Read pictured at home in 1958 (photo by Roloff Beny)
Born 4 December 1893(1893-12-04)
Kirkbymoorside, North Yorkshire
Died 12 June 1968 (aged 74)
Stonegrave, North Yorkshire
Occupation Poet, modern art historian, and literary & art critic
Nationality English
Writing period 1915–1968

Sir Herbert Edward Read, DSO, MC (1893–1968) was an English anarchist poet, and critic of literature and art. He was one of the earliest English writers to take notice of existentialism, and was strongly influenced by proto-existentialist thinker Max Stirner.

Contents

Early life

He was born in Kirkbymoorside in North Yorkshire. His studies at the University of Leeds were interrupted by the outbreak of the First World War, during which he served with the Green Howards in France, He received the Military Cross and the Distinguished Service Order, and reached the rank of Captain. During the war Read founded the journal Arts and Letters with Frank Rutter, one of the first literary periodicals to publish work by T. S. Eliot.[1]

Early work

Read's first volume of poetry was Songs of Chaos, self-published in 1915. His second collection, published in 1919, was called Naked Warriors, and drew on his experiences fighting in the trenches of the First World War. His work, which shows the influence of Imagism, was mainly in free verse. His Collected Poems appeared in 1946. As a critic of literature, Read mainly concerned himself with the English Romantic poets (e.g., The True Voice of Feeling: Studies in English Romantic Poetry, 1953). He published a novel, The Green Child. He contributed to the Criterion (1922–1939) and he was for many years a regular art critic for the Listener.

Read was also interested in the art of writing. He cared deeply about style and structure and summarized his views in English Prose Style (1928), a primer on, and a philosophy of, good writing. The book is considered one of the best on the foundations of the English language and how those foundations can be and have been used to write English with elegance and distinction.

Art criticism

However, Read was (and remains) better known as an art critic. He was a champion of modern British artists such as Paul Nash, Ben Nicholson, Henry Moore and Barbara Hepworth. He became associated with Nash's contemporary arts group Unit One. Read was professor of fine arts at the University of Edinburgh (1931–33) and editor of the trend-setting Burlington Magazine (1933–38). He was one of the organisers of the London International Surrealist Exhibition in 1936 and editor of the book Surrealism, published in 1936, with contributions from André Breton, Hugh Sykes Davies, Paul Éluard, and Georges Hugnet. He also served as a trustee of the Tate Gallery and as a curator at the Victoria & Albert Museum (1922–1939), as well as co-founding the Institute of Contemporary Arts with Roland Penrose in 1947.

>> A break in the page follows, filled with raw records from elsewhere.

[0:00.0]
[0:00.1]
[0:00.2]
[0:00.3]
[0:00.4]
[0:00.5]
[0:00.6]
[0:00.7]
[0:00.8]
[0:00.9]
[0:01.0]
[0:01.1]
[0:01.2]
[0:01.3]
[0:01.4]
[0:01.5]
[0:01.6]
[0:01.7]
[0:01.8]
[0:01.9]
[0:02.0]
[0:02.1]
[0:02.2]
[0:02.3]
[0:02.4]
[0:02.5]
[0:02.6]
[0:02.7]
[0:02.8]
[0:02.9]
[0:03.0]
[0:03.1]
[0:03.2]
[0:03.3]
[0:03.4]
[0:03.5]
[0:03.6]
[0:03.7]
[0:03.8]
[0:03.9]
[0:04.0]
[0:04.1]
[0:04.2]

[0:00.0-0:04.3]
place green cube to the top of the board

From 1953–54 Read served as the Norton Professor at Harvard University. He also wrote "The Happy Warrior", a poem.

Anarchism and philosophical outlook

Politically Read regarded himself as an anarchist, albeit in the English quietist tradition of Edward Carpenter and William Morris. Nevertheless, he was knighted on the recommendation of Prime Minister Winston Churchill in 1953 for "services to literature".

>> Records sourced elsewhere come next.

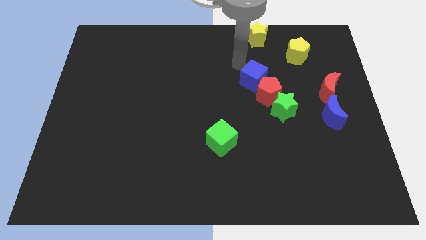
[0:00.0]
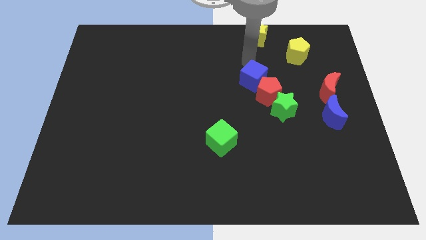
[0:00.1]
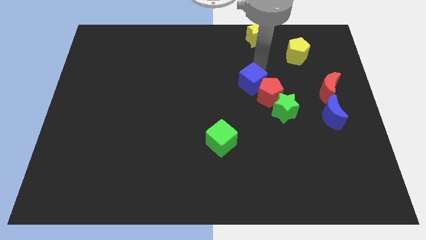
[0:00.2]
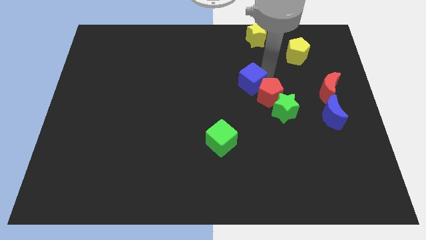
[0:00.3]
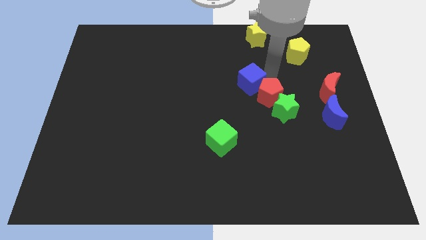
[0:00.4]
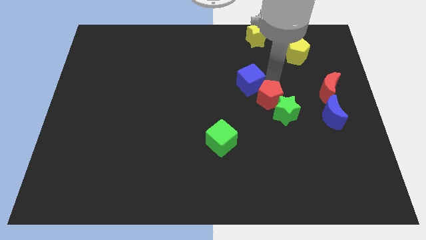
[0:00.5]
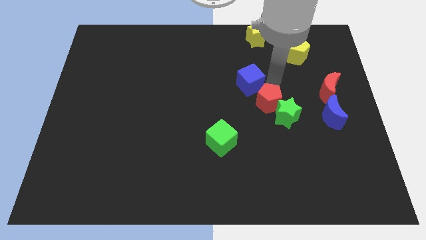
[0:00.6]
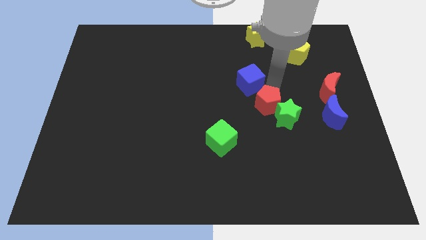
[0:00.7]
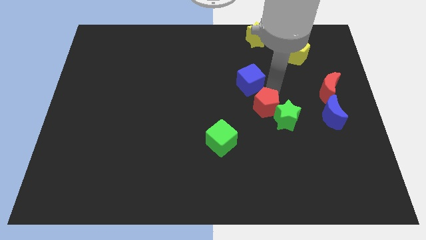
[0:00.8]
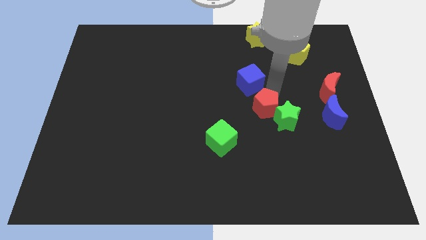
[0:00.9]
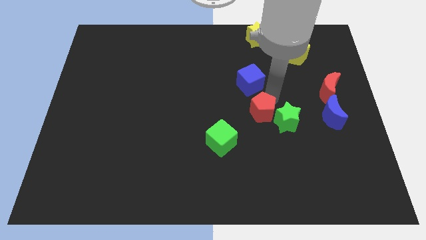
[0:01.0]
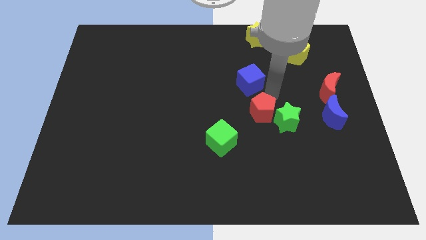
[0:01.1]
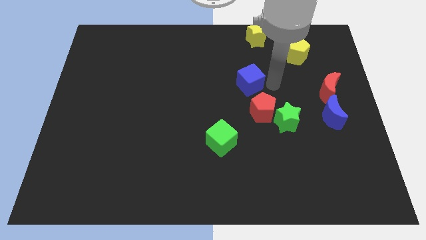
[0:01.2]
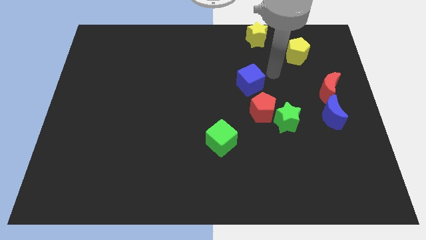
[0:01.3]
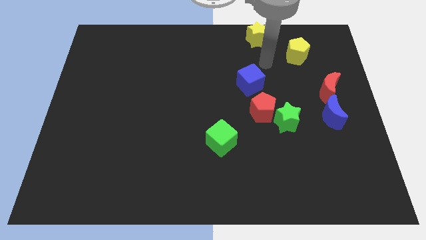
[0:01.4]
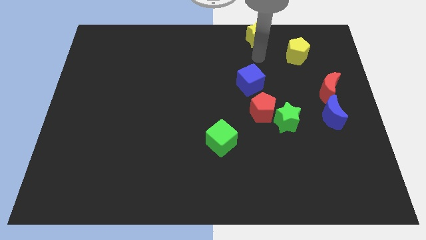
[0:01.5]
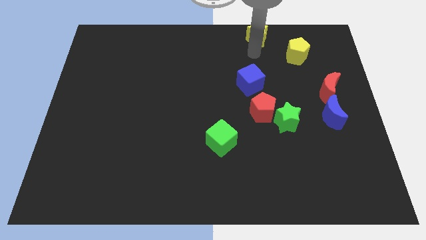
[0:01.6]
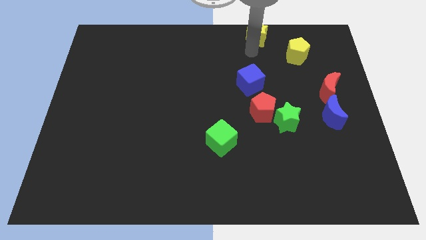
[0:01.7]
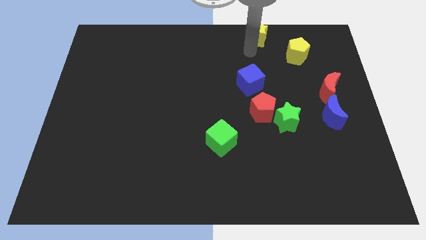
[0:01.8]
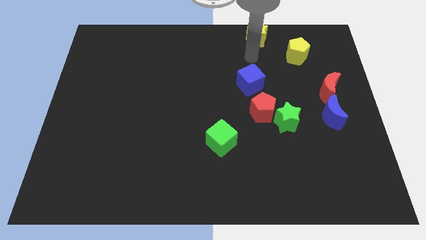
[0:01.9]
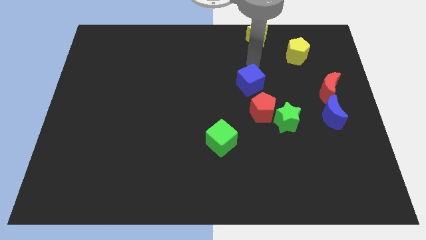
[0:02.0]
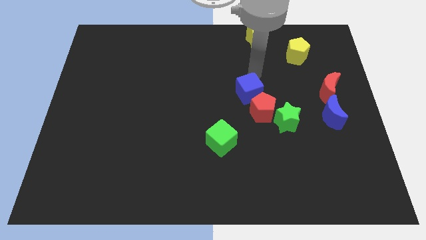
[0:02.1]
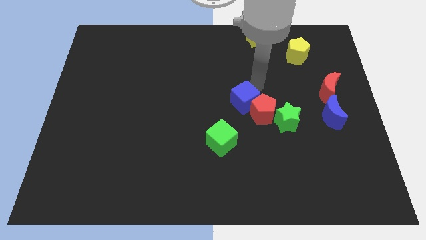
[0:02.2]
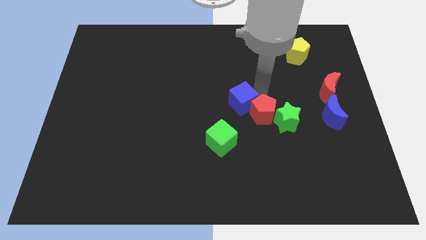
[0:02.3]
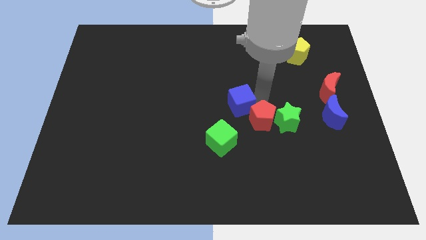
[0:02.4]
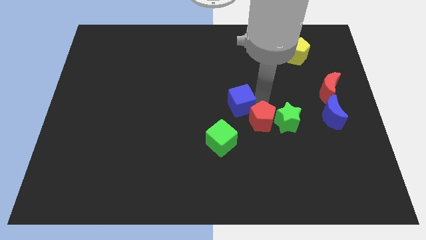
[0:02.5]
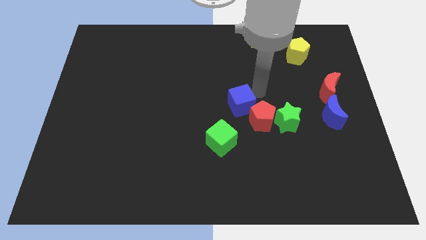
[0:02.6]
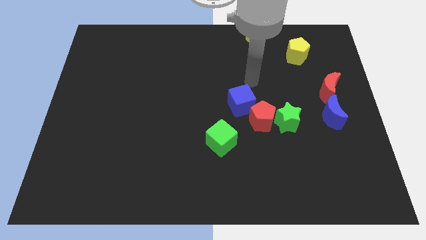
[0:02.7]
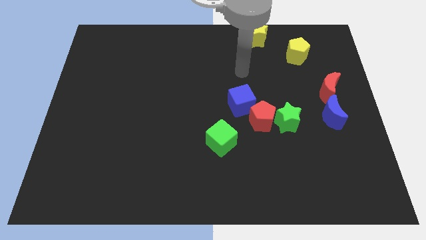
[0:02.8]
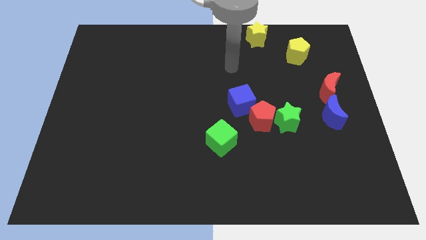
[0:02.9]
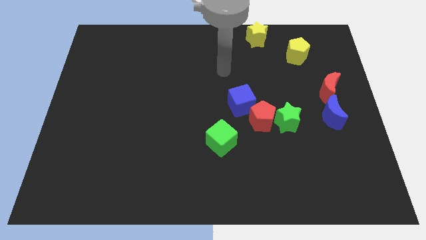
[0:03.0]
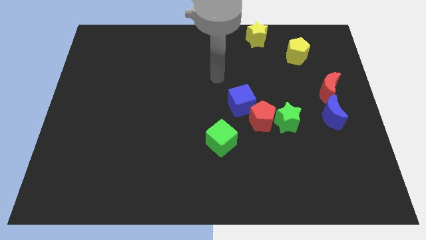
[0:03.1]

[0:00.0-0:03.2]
slightly push the red pentagona and blue cube to bottom center

Dividing Read's writings on politics from those on art and culture is difficult as he saw art, culture and politics as a single congruent expression on human consciousness. His total work amounts to over 1,000 published titles.

To Hell With Culture was republished by Routledge in 2002 and deals specifically with Read's disdain for the term culture and expands on his anarchist view of the artist as artisan, as well as presenting a major analysis of the work of Eric Gill.

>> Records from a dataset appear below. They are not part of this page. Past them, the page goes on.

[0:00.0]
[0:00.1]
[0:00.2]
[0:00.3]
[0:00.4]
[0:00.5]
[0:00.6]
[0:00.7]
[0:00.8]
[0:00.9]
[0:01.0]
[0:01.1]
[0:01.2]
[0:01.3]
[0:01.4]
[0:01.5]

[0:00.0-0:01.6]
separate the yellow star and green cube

In his philosophical outlook, Read was close to the European Idealist traditions represented by Friedrich von Schelling, Johann Gottlieb Fichte, and Samuel Taylor Coleridge, believing that reality as it is experienced by the human mind was as much a product of the human mind as any external or objective actuality. In other words, the mind is not a camera recording the reality it perceives through the eyes; it is also a projector throwing out its own reality. This meant that art was not, as many Marxists believed, simply a product of a bourgeois society, but a psychological process that had evolved simultaneously to the evolution of consciousness. Art was, therefore, a biological phenomenon, a view that frequently pitted Read against Marxist critics such as Anthony Blunt in the 1930s. Read, in this respect, was influenced by developments in German art psychology. His Idealist background also led Read towards an interest in psychoanalysis. Read became a pioneer in the English-speaking world in the use of psychoanalysis as a tool for art and literary criticism.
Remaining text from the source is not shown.